Work instruction: Transcribe verbatim the span of lines that opens with the line containing "2.422-29.195 9.082-40.699 19.27-5.734" and closes with the last line of the data below.

Provided entries:

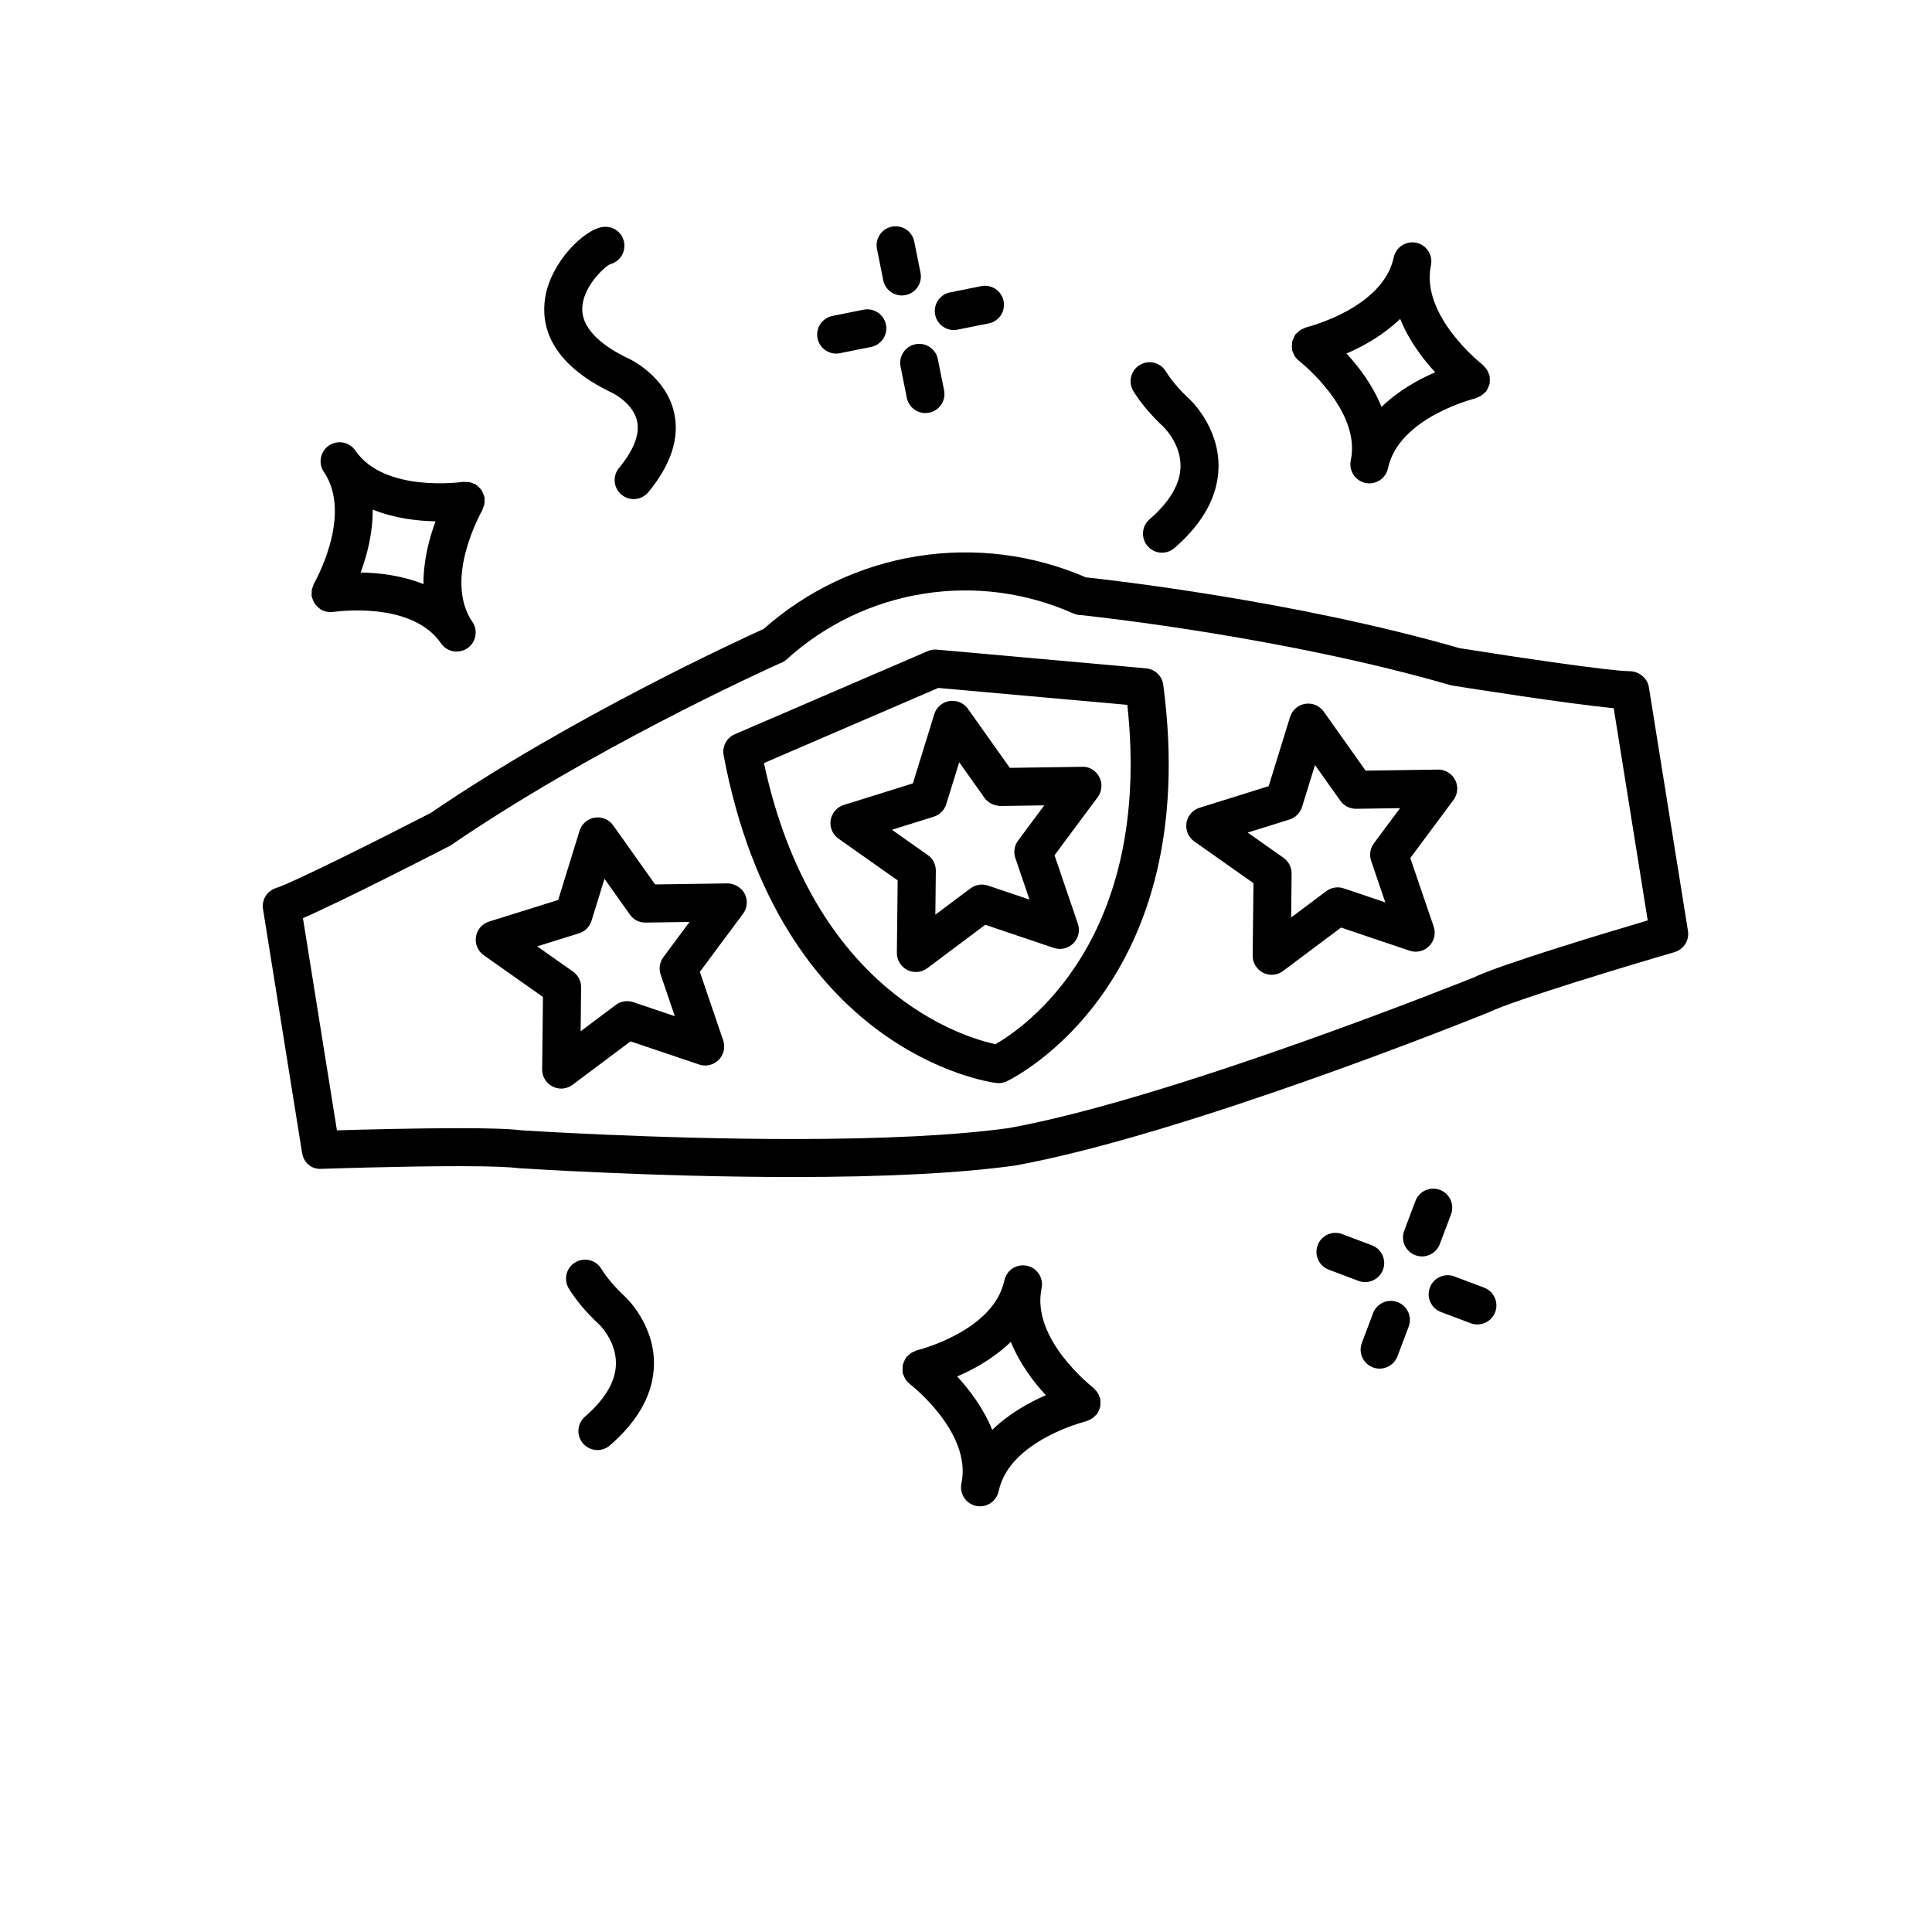 <?xml version="1.0" encoding="UTF-8"?>
<!-- Uploaded to: SVG Find, www.svgrepo.com, Generator: SVG Find Mixer Tools -->
<svg fill="#000000" width="800px" height="800px" version="1.1" viewBox="144 144 512 512" xmlns="http://www.w3.org/2000/svg">
 <g>
  <path d="m538.76 243.73c-0.016-0.074 0.012-0.145-0.012-0.223-0.051-0.211-0.188-0.371-0.262-0.574-0.133-0.348-0.25-0.68-0.457-0.996-0.191-0.293-0.434-0.523-0.68-0.77-0.16-0.168-0.262-0.367-0.453-0.516-0.16-0.125-16.516-12.953-13.684-26.344 0.574-2.719-1.164-5.394-3.883-5.977-2.695-0.57-5.394 1.164-5.977 3.883-2.863 13.516-22.988 18.484-23.195 18.535-0.223 0.055-0.387 0.195-0.594 0.277-0.336 0.133-0.664 0.25-0.973 0.453-0.289 0.188-0.508 0.422-0.746 0.66-0.172 0.168-0.383 0.273-0.535 0.469-0.051 0.07-0.059 0.156-0.109 0.227-0.188 0.277-0.297 0.578-0.43 0.891-0.133 0.309-0.277 0.594-0.344 0.91-0.055 0.266-0.035 0.543-0.047 0.82-0.016 0.387-0.035 0.762 0.039 1.137 0.016 0.074-0.012 0.145 0.012 0.223 0.07 0.293 0.227 0.535 0.344 0.805 0.098 0.215 0.152 0.441 0.277 0.648 0.328 0.535 0.73 1.004 1.215 1.375 0.012 0.004 0.016 0.02 0.023 0.023 0.16 0.125 16.516 12.953 13.684 26.344-0.574 2.719 1.164 5.394 3.883 5.977 0.348 0.074 0.707 0.105 1.047 0.105 2.328 0 4.422-1.621 4.926-3.996 2.863-13.516 22.988-18.484 23.195-18.535 0.211-0.051 0.371-0.191 0.57-0.266 0.273-0.102 0.523-0.211 0.777-0.359 0.418-0.246 0.77-0.551 1.098-0.902 0.121-0.133 0.293-0.188 0.406-0.332 0.051-0.07 0.059-0.156 0.109-0.227 0.188-0.277 0.301-0.586 0.43-0.891 0.125-0.301 0.277-0.594 0.344-0.91 0.055-0.266 0.035-0.543 0.047-0.82 0.004-0.371 0.023-0.746-0.047-1.125zm-28.641 8.113c-2.324-5.762-6.019-10.637-9.285-14.16 4.41-1.898 9.766-4.856 14.223-9.184 2.324 5.762 6.019 10.637 9.285 14.16-4.41 1.902-9.766 4.856-14.223 9.184z"/>
  <path d="m435.58 514.84c-0.016-0.082 0.012-0.156-0.012-0.242-0.051-0.223-0.195-0.387-0.273-0.594-0.125-0.336-0.246-0.664-0.449-0.973-0.188-0.289-0.422-0.516-0.664-0.754-0.168-0.168-0.266-0.379-0.457-0.523-0.168-0.125-16.551-12.828-13.695-26.344 0.574-2.727-1.164-5.394-3.883-5.977-2.762-0.57-5.394 1.168-5.977 3.883-2.856 13.516-22.988 18.484-23.195 18.535-0.238 0.055-0.414 0.207-0.629 0.293-0.316 0.125-0.629 0.238-0.922 0.43-0.301 0.195-0.543 0.449-0.797 0.699-0.156 0.156-0.359 0.25-0.492 0.434-0.051 0.066-0.055 0.145-0.105 0.215-0.203 0.297-0.328 0.625-0.465 0.957-0.117 0.281-0.25 0.551-0.316 0.84-0.059 0.293-0.047 0.594-0.051 0.898-0.012 0.359-0.031 0.707 0.035 1.062 0.016 0.082-0.012 0.156 0.012 0.242 0.07 0.301 0.23 0.555 0.352 0.832 0.09 0.207 0.141 0.418 0.262 0.609 0.324 0.535 0.727 1.004 1.211 1.375 0.012 0.012 0.016 0.02 0.023 0.023 0.168 0.125 16.551 12.828 13.695 26.344-0.574 2.727 1.164 5.394 3.883 5.977 0.352 0.074 0.707 0.105 1.047 0.105 2.332 0 4.422-1.629 4.926-3.996 2.856-13.516 22.988-18.484 23.195-18.535 0.211-0.051 0.371-0.191 0.574-0.266 0.266-0.102 0.508-0.207 0.754-0.352 0.434-0.25 0.797-0.562 1.129-0.922 0.117-0.125 0.277-0.176 0.383-0.312 0.051-0.066 0.055-0.145 0.105-0.215 0.207-0.297 0.328-0.625 0.465-0.957 0.117-0.281 0.25-0.543 0.316-0.84 0.059-0.293 0.039-0.594 0.051-0.902 0.012-0.348 0.031-0.695-0.035-1.051zm-28.637 8.098c-2.324-5.762-6.019-10.637-9.281-14.156 4.41-1.898 9.766-4.856 14.223-9.184 2.324 5.762 6.019 10.637 9.281 14.156-4.406 1.898-9.77 4.852-14.223 9.184z"/>
  <path d="m272.02 278.59c0.141-0.328 0.277-0.645 0.344-1.004 0.059-0.332 0.047-0.656 0.039-0.992-0.004-0.242 0.066-0.469 0.031-0.715-0.016-0.09-0.07-0.156-0.09-0.242-0.07-0.324-0.211-0.609-0.344-0.91-0.133-0.312-0.242-0.625-0.434-0.898-0.145-0.211-0.348-0.371-0.523-0.562-0.281-0.297-0.559-0.586-0.902-0.805-0.055-0.035-0.086-0.09-0.141-0.125-0.16-0.098-0.344-0.102-0.508-0.176-0.379-0.172-0.746-0.328-1.16-0.398-0.316-0.055-0.621-0.035-0.938-0.031-0.246 0.004-0.484-0.07-0.734-0.023-0.215 0.031-20.789 2.992-28.496-8.309-1.578-2.301-4.711-2.887-7.004-1.32-2.297 1.566-2.891 4.707-1.324 7.004 7.789 11.406-2.527 29.391-2.637 29.574-0.121 0.211-0.137 0.449-0.227 0.664-0.133 0.312-0.262 0.609-0.324 0.945-0.066 0.359-0.055 0.707-0.047 1.062 0.004 0.223-0.059 0.43-0.023 0.656 0.016 0.082 0.066 0.145 0.086 0.223 0.074 0.352 0.227 0.664 0.371 0.996 0.125 0.277 0.223 0.562 0.395 0.812 0.16 0.238 0.383 0.422 0.59 0.637 0.262 0.273 0.516 0.539 0.832 0.746 0.059 0.039 0.098 0.105 0.16 0.141 0.406 0.238 0.836 0.414 1.27 0.523 0.102 0.023 0.207 0.02 0.309 0.039 0.324 0.066 0.645 0.125 0.969 0.125 0.18 0 0.359-0.051 0.539-0.07 0.086-0.012 0.168 0.023 0.25 0.012 0.207-0.035 20.715-3.098 28.504 8.309 0.977 1.43 2.559 2.195 4.168 2.195 0.977 0 1.969-0.281 2.836-0.875 2.297-1.566 2.891-4.707 1.324-7.004-7.789-11.41 2.527-29.391 2.637-29.574 0.102-0.195 0.113-0.418 0.203-0.629zm-32.445 17.125c1.676-4.508 3.246-10.438 3.195-16.668 5.777 2.312 11.848 3.031 16.656 3.109-1.672 4.5-3.246 10.418-3.199 16.637-5.769-2.309-11.852-3.004-16.652-3.078z"/>
  <path d="m383 222.3c0.328 0 0.66-0.031 0.992-0.102 2.731-0.543 4.5-3.199 3.949-5.93l-1.652-8.254c-0.543-2.731-3.203-4.484-5.93-3.949-2.731 0.543-4.5 3.199-3.949 5.93l1.652 8.254c0.48 2.398 2.586 4.051 4.938 4.051z"/>
  <path d="m389.25 253.46c0.328 0 0.66-0.031 0.992-0.102 2.731-0.543 4.5-3.199 3.949-5.93l-1.652-8.254c-0.543-2.731-3.211-4.492-5.93-3.949-2.731 0.543-4.5 3.199-3.949 5.93l1.652 8.254c0.477 2.394 2.582 4.051 4.938 4.051z"/>
  <path d="m372.86 226.07-8.254 1.656c-2.731 0.551-4.5 3.203-3.949 5.93 0.484 2.394 2.586 4.047 4.934 4.047 0.328 0 0.664-0.031 0.992-0.102l8.254-1.656c2.731-0.551 4.5-3.203 3.949-5.93-0.547-2.727-3.242-4.492-5.926-3.945z"/>
  <path d="m397.76 231.36 8.254-1.652c2.731-0.543 4.5-3.199 3.949-5.93-0.539-2.731-3.211-4.492-5.93-3.949l-8.254 1.652c-2.731 0.543-4.5 3.199-3.949 5.93 0.48 2.398 2.586 4.051 4.934 4.051 0.328 0 0.656-0.031 0.996-0.102z"/>
  <path d="m525.56 473.7 2.973-7.875c0.984-2.606-0.328-5.512-2.934-6.492-2.629-0.984-5.512 0.332-6.492 2.938l-2.973 7.875c-0.984 2.606 0.328 5.512 2.934 6.492 0.59 0.223 1.188 0.328 1.785 0.328 2.031 0 3.945-1.242 4.707-3.266z"/>
  <path d="m514.37 489.07c-2.606-0.988-5.512 0.332-6.492 2.938l-2.973 7.875c-0.984 2.606 0.328 5.512 2.934 6.492 0.586 0.223 1.188 0.328 1.785 0.328 2.035 0 3.949-1.246 4.715-3.258l2.973-7.875c0.98-2.609-0.336-5.516-2.941-6.5z"/>
  <path d="m510.5 480.51c0.984-2.606-0.328-5.512-2.934-6.492l-7.875-2.973c-2.609-0.988-5.512 0.332-6.492 2.938-0.984 2.606 0.328 5.512 2.934 6.492l7.875 2.973c0.586 0.223 1.188 0.328 1.785 0.328 2.027-0.008 3.941-1.25 4.707-3.266z"/>
  <path d="m537.3 485.24-7.875-2.973c-2.609-0.977-5.512 0.332-6.492 2.938-0.984 2.606 0.328 5.512 2.934 6.492l7.875 2.973c0.586 0.223 1.188 0.328 1.785 0.328 2.035 0 3.949-1.246 4.715-3.258 0.973-2.609-0.336-5.519-2.941-6.5z"/>
  <path d="m308.72 275.11c0.941 0.777 2.074 1.152 3.203 1.152 1.449 0 2.891-0.625 3.891-1.828 6.039-7.32 8.34-14.418 6.828-21.098-2.168-9.586-11.512-14.051-11.895-14.234-5.699-2.684-12.484-7.152-12.445-13.219 0.039-5.738 5.621-10.934 7.332-11.855 2.445-0.594 4.109-2.938 3.805-5.496-0.332-2.762-2.812-4.727-5.606-4.398-4.969 0.605-13.82 9.234-15.355 18.742-1.152 7.152 1.031 17.355 17.996 25.348 0.055 0.023 5.289 2.656 6.348 7.324 0.781 3.481-0.82 7.68-4.777 12.469-1.777 2.144-1.469 5.32 0.676 7.094z"/>
  <path d="m309.61 487.59c-0.004-0.004-0.004-0.004 0 0-2.664-2.481-4.781-4.961-6.289-7.394-1.465-2.363-4.57-3.09-6.938-1.621-2.367 1.465-3.09 4.574-1.621 6.938 1.988 3.195 4.68 6.383 8 9.465 0.004 0.004 0.004 0.012 0.012 0.012 0.051 0.039 4.555 4.379 4.457 10.445-0.07 4.629-2.836 9.34-8.207 13.996-2.102 1.824-2.328 5.008-0.508 7.109 0.996 1.152 2.402 1.738 3.809 1.738 1.168 0 2.348-0.406 3.301-1.23 7.633-6.613 11.562-13.836 11.68-21.457 0.164-10.613-7.375-17.703-7.695-18z"/>
  <path d="m448.64 281.62c-2.102 1.824-2.328 5.008-0.508 7.109 0.996 1.152 2.402 1.738 3.809 1.738 1.168 0 2.348-0.406 3.301-1.23 7.633-6.613 11.562-13.836 11.68-21.457 0.16-10.586-7.324-17.652-7.688-17.996-2.676-2.488-4.797-4.977-6.297-7.406-1.473-2.363-4.574-3.09-6.938-1.621-2.367 1.473-3.09 4.574-1.621 6.938 1.98 3.184 4.672 6.367 7.996 9.465 0 0 0.004 0 0.004 0.004 0.125 0.121 4.613 4.519 4.473 10.551-0.109 4.602-2.871 9.281-8.211 13.906z"/>
  <path d="m336.8 378.11-19.184 0.277-11.105-15.645c-1.113-1.566-3.023-2.379-4.906-2.062-1.895 0.301-3.449 1.656-4.016 3.488l-5.664 18.332-18.32 5.723c-1.828 0.574-3.176 2.137-3.473 4.031-0.297 1.895 0.516 3.793 2.074 4.898l15.684 11.055-0.211 19.184c-0.02 1.918 1.047 3.684 2.762 4.551 0.719 0.367 1.5 0.543 2.277 0.543 1.066 0 2.133-0.336 3.023-1.008l15.355-11.504 18.176 6.133c1.812 0.613 3.828 0.145 5.176-1.219 1.355-1.359 1.82-3.367 1.199-5.184l-6.18-18.156 11.445-15.395c1.145-1.535 1.316-3.594 0.441-5.301-0.875-1.711-2.879-2.754-4.555-2.742zm-17.719 24.18 3.75 11.008-11.02-3.719c-1.578-0.535-3.293-0.258-4.629 0.742l-9.305 6.969 0.125-11.621c0.02-1.656-0.781-3.219-2.137-4.176l-9.508-6.699 11.098-3.465c1.578-0.5 2.82-1.738 3.305-3.324l3.438-11.109 6.727 9.477c0.957 1.355 2.41 2.144 4.18 2.121l11.629-0.168-6.938 9.332c-0.984 1.336-1.254 3.066-0.715 4.633z"/>
  <path d="m430.8 347.21-19.184 0.281-11.105-15.645c-1.113-1.566-3.023-2.367-4.906-2.062-1.895 0.301-3.449 1.656-4.016 3.488l-5.664 18.332-18.32 5.723c-1.828 0.574-3.176 2.137-3.473 4.031-0.297 1.895 0.516 3.793 2.074 4.898l15.684 11.055-0.211 19.184c-0.02 1.918 1.047 3.684 2.762 4.551 0.719 0.367 1.5 0.543 2.277 0.543 1.066 0 2.133-0.336 3.023-1.008l15.355-11.504 18.176 6.133c1.809 0.613 3.824 0.141 5.176-1.219 1.355-1.359 1.82-3.367 1.199-5.184l-6.191-18.156 11.445-15.395c1.145-1.535 1.316-3.594 0.441-5.301-0.855-1.711-2.703-2.863-4.543-2.746zm-17.719 24.188 3.75 11.008-11.02-3.719c-1.578-0.535-3.301-0.25-4.629 0.742l-9.301 6.965 0.125-11.621c0.02-1.656-0.781-3.219-2.137-4.176l-9.508-6.699 11.098-3.465c1.578-0.5 2.82-1.738 3.305-3.32l3.438-11.109 6.727 9.477c0.957 1.355 2.578 2.035 4.18 2.121l11.629-0.172-6.938 9.332c-0.984 1.332-1.258 3.062-0.719 4.637z"/>
  <path d="m525.09 347.95-19.184 0.277-11.105-15.645c-1.113-1.566-3.019-2.371-4.906-2.062-1.895 0.301-3.449 1.656-4.016 3.488l-5.664 18.332-18.32 5.723c-1.828 0.574-3.176 2.137-3.473 4.031s0.516 3.793 2.074 4.898l15.684 11.055-0.211 19.184c-0.02 1.918 1.047 3.684 2.762 4.551 0.719 0.367 1.5 0.543 2.277 0.543 1.066 0 2.133-0.336 3.023-1.008l15.355-11.504 18.176 6.133c1.809 0.613 3.824 0.145 5.176-1.219 1.355-1.359 1.82-3.367 1.199-5.184l-6.191-18.156 11.445-15.395c1.145-1.535 1.316-3.594 0.441-5.301-0.855-1.707-2.828-2.832-4.543-2.742zm-17.719 24.184 3.75 11.008-11.02-3.719c-1.57-0.527-3.301-0.25-4.629 0.742l-9.305 6.969 0.125-11.621c0.02-1.656-0.781-3.219-2.137-4.176l-9.508-6.699 11.098-3.465c1.578-0.5 2.82-1.738 3.305-3.324l3.438-11.109 6.727 9.477c0.953 1.355 2.473 2.125 4.18 2.121l11.629-0.168-6.938 9.332c-0.984 1.332-1.254 3.066-0.715 4.633z"/>
  <path d="m447.73 321.12-55.449-4.961c-0.828-0.074-1.676 0.059-2.438 0.395l-51.117 22.031c-2.168 0.938-3.394 3.246-2.957 5.562 14.801 78.57 69.879 86.555 72.215 86.855 0.215 0.023 0.43 0.039 0.645 0.039 0.746 0 1.492-0.168 2.176-0.492 2.125-1.02 51.953-25.805 41.473-105.06-0.316-2.344-2.199-4.156-4.547-4.367zm-39.93 99.609c-8.191-1.77-48.273-13.473-61.348-74.508l46.199-19.91 50.109 4.488c6.727 62.449-27.469 85.637-34.961 89.93z"/>
  <path d="m580.97 326.11c-0.387-2.445-2.68-4.238-5.152-4.238-4.926 0-29.504-3.633-45.031-6.102-43.555-12.566-92.781-18.098-99.027-18.766-14.102-6.086-29.504-8.027-44.688-5.598-15.145 2.422-29.195 9.082-40.699 19.27-5.734 2.59-50.77 23.219-88.211 48.754-13.699 7.047-36.691 18.566-40.977 19.891-2.398 0.742-3.883 3.133-3.481 5.606l10.348 64.59c0.398 2.504 2.371 4.402 5.144 4.238 0.207-0.004 20.816-0.711 36.441-0.711 9.621 0 13.633 0.262 15.637 0.52 0.352 0.023 35.883 2.359 72.832 2.359 24.586 0 44.344-1.02 58.938-3.047 44.918-8.148 121.93-39.145 125.49-40.598 6.926-3.352 37.887-12.652 49.227-15.949 2.438-0.711 3.969-3.125 3.566-5.633zm-46.527 76.969c-0.785 0.316-79.289 31.922-123 39.855-13.926 1.934-33.223 2.918-57.344 2.918-36.527 0-71.66-2.301-71.828-2.301h-0.004c-2.906-0.387-8.348-0.574-16.637-0.574-11.383 0-25.34 0.367-32.34 0.574l-9.008-56.234c10.988-4.793 35.578-17.426 38.758-19.07 0.18-0.098 0.363-0.203 0.535-0.316 36.965-25.258 81.711-45.711 86.973-48.082 0.684-0.211 1.336-0.574 1.891-1.078 10.176-9.227 22.695-15.246 36.215-17.41 13.547-2.172 27.293-0.359 39.848 5.231 0.645 0.289 1.336 0.422 2.016 0.422h0.02c5.273 0.559 54.461 6 97.734 18.523 0.203 0.059 0.402 0.105 0.609 0.137 3.488 0.559 30.617 4.856 42.77 5.996l9.008 56.246c-10.867 3.219-39.012 11.672-46.215 15.164z"/>
 </g>
</svg>

Solution to this exercise:
  <path d="m580.97 326.11c-0.387-2.445-2.68-4.238-5.152-4.238-4.926 0-29.504-3.633-45.031-6.102-43.555-12.566-92.781-18.098-99.027-18.766-14.102-6.086-29.504-8.027-44.688-5.598-15.145 2.422-29.195 9.082-40.699 19.27-5.734 2.59-50.77 23.219-88.211 48.754-13.699 7.047-36.691 18.566-40.977 19.891-2.398 0.742-3.883 3.133-3.481 5.606l10.348 64.59c0.398 2.504 2.371 4.402 5.144 4.238 0.207-0.004 20.816-0.711 36.441-0.711 9.621 0 13.633 0.262 15.637 0.52 0.352 0.023 35.883 2.359 72.832 2.359 24.586 0 44.344-1.02 58.938-3.047 44.918-8.148 121.93-39.145 125.49-40.598 6.926-3.352 37.887-12.652 49.227-15.949 2.438-0.711 3.969-3.125 3.566-5.633zm-46.527 76.969c-0.785 0.316-79.289 31.922-123 39.855-13.926 1.934-33.223 2.918-57.344 2.918-36.527 0-71.66-2.301-71.828-2.301h-0.004c-2.906-0.387-8.348-0.574-16.637-0.574-11.383 0-25.34 0.367-32.34 0.574l-9.008-56.234c10.988-4.793 35.578-17.426 38.758-19.07 0.18-0.098 0.363-0.203 0.535-0.316 36.965-25.258 81.711-45.711 86.973-48.082 0.684-0.211 1.336-0.574 1.891-1.078 10.176-9.227 22.695-15.246 36.215-17.41 13.547-2.172 27.293-0.359 39.848 5.231 0.645 0.289 1.336 0.422 2.016 0.422h0.02c5.273 0.559 54.461 6 97.734 18.523 0.203 0.059 0.402 0.105 0.609 0.137 3.488 0.559 30.617 4.856 42.77 5.996l9.008 56.246c-10.867 3.219-39.012 11.672-46.215 15.164z"/>
 </g>
</svg>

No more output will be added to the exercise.